Зашли в село. Здесь уже другие солдаты сгоняли немецкую колонну в строй. В этих краях еще не видали такой нарядной столичной девушки, от которой исходил волшебный, ни на что не похожий аромат. Солдаты обходили ее стороной, полагая, что к прибывшему этапу она не имеет никакого отношения.
— Живых много привел? — спросил отца Степана энкаведешник с петлицами майора, который оказался его знакомым еще с гражданской войны.
— Да, десятую часть. Остальные попередохли в дороге, — отвечал тот.
Старый охранник боялся, что сына уличат в связи с немкой. Для начала он велел подойти сыну. Тот стал, опершись на палку.

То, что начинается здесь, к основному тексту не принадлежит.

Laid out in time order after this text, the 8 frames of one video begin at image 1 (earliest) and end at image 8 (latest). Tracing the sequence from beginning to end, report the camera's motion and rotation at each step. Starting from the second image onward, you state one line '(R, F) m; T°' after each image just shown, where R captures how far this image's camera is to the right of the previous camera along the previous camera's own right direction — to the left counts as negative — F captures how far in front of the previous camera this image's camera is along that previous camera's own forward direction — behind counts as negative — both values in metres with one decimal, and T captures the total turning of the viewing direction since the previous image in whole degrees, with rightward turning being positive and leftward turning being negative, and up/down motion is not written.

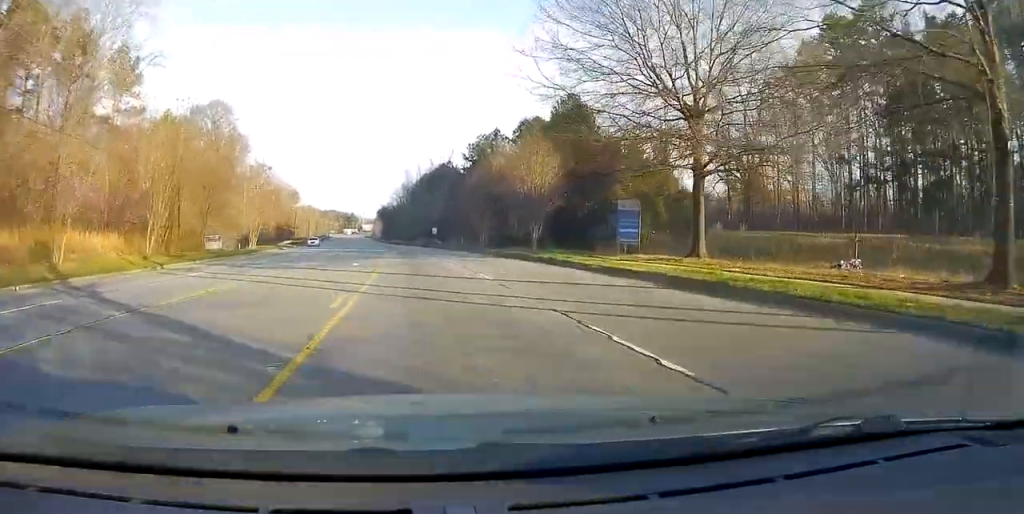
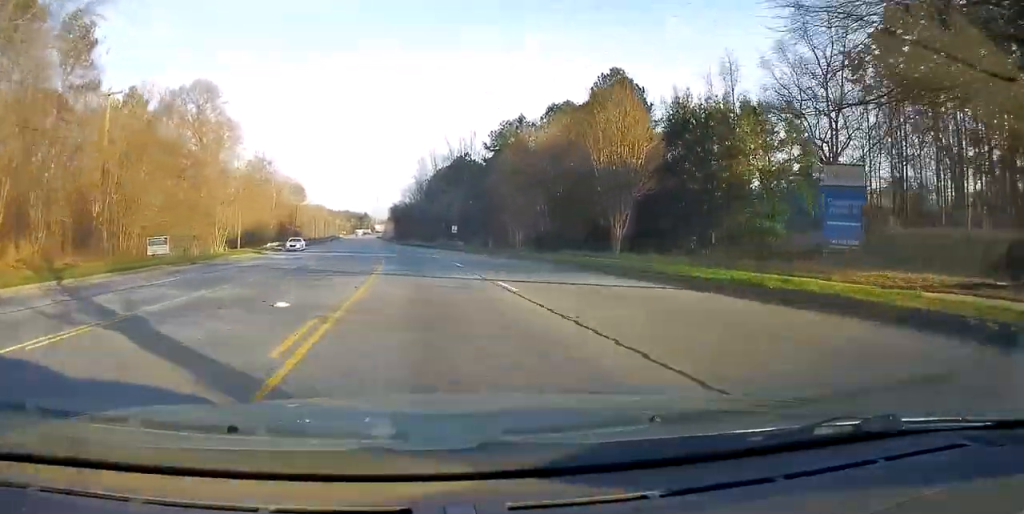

— Вот, немец удирал, а сын догнал его. И в драке тот колом ногу парню переломил. Немца сын застрелил, а сам пострадал. Но в госпиталь не захотел пойти. Через месяц здоров будет, не время по госпиталям отлеживаться.
— Ладно, отдыхайте. Я это отмечу в рапорте, — пообещал майор.
Степан подошел к отцу.
— Отец, сделай что–нибудь, чтобы Аделине полегче работу дали. Я так понял, их здесь оставляют в колхозе работать? Она же слабая. Отец, я люблю ее, — сказал умоляюще сын.